Dutch historian (born 1951)

Maria Janna "Marjan" Schwegman (born 20 February 1951, Middenmeer) is a Dutch historian who was managing director of the NIOD Institute for War, Holocaust and Genocide Studies from March 2007 to 18 February 2016. Besides that, she is a professor in Politics and Culture in the 20th century at the faculty of Humanities at Utrecht University.

== Life and work ==
Marjan Schwegman studied history at the University of Amsterdam.
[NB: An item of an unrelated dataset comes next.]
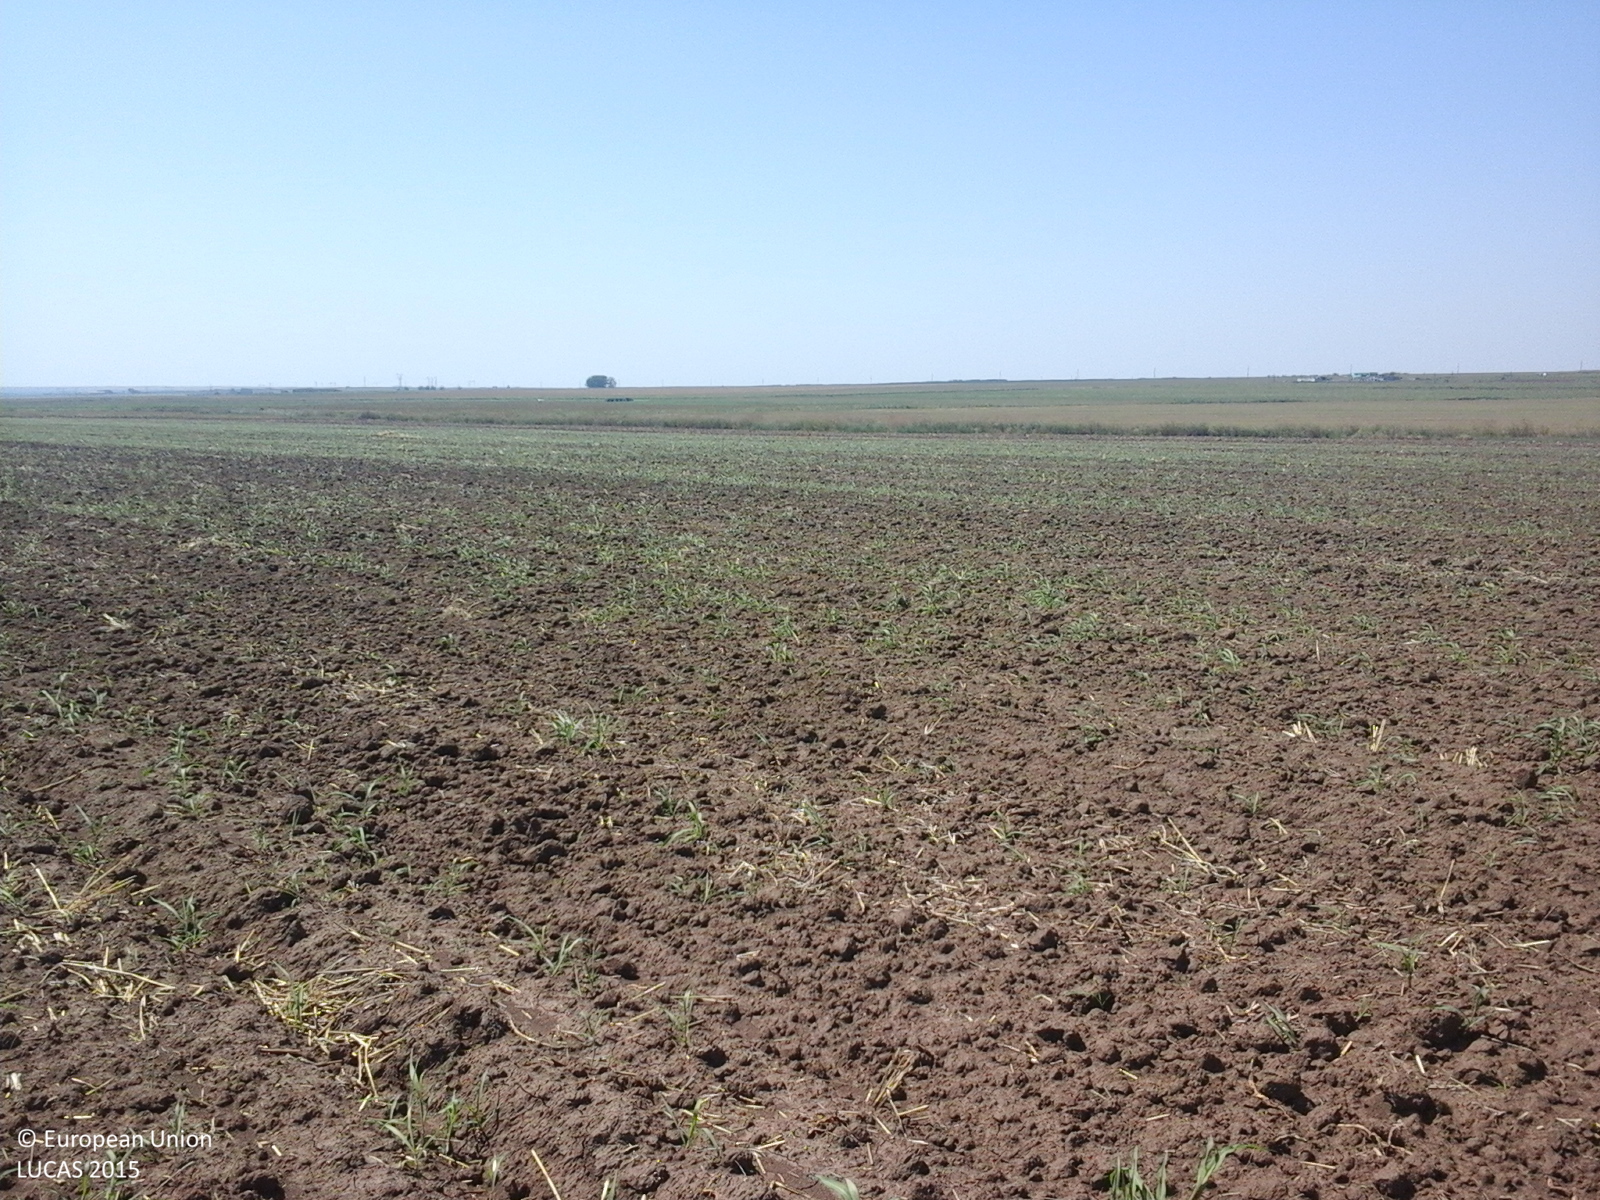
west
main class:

From 2003 to 2007 Marjan Schwegman was managing director of the Royal Netherlands Institute in Rome. Previously she worked at the University of Amsterdam, Leiden University, Maastricht University and Utrecht University. In Utrecht she became bijzonder hoogleraar (endowed professor) women's history.

From 2007, she occupied the chair of Politics and Culture in the Long Twentieth Century. Since 2003, her main work is no longer at the university: from 2003 to 2007 she was director of the Royal Netherlands Institute in Rome. She has been director of NIOD since 2007.

From 2009–2010, she was vice-chairman of the Commissie-Davids (an independent commission supervised by jurist Willibrord Davids, the 'Davids Committee') which looked into the decision-making process for the Dutch support in the Iraq War.

On 18 February 2016, Jet Bussemaker decorated Schwegman with the title officier in de Orde van Oranje-Nassau (Officer in the Order of Orange-Nassau).

She wrote a biography of the Italian educator Maria Montessori (2000) as well as a biography of the 19th-century Italian feminist Gualberta Beccari, and biographical articles on Giuseppe Mazzini and Cesare Lombroso.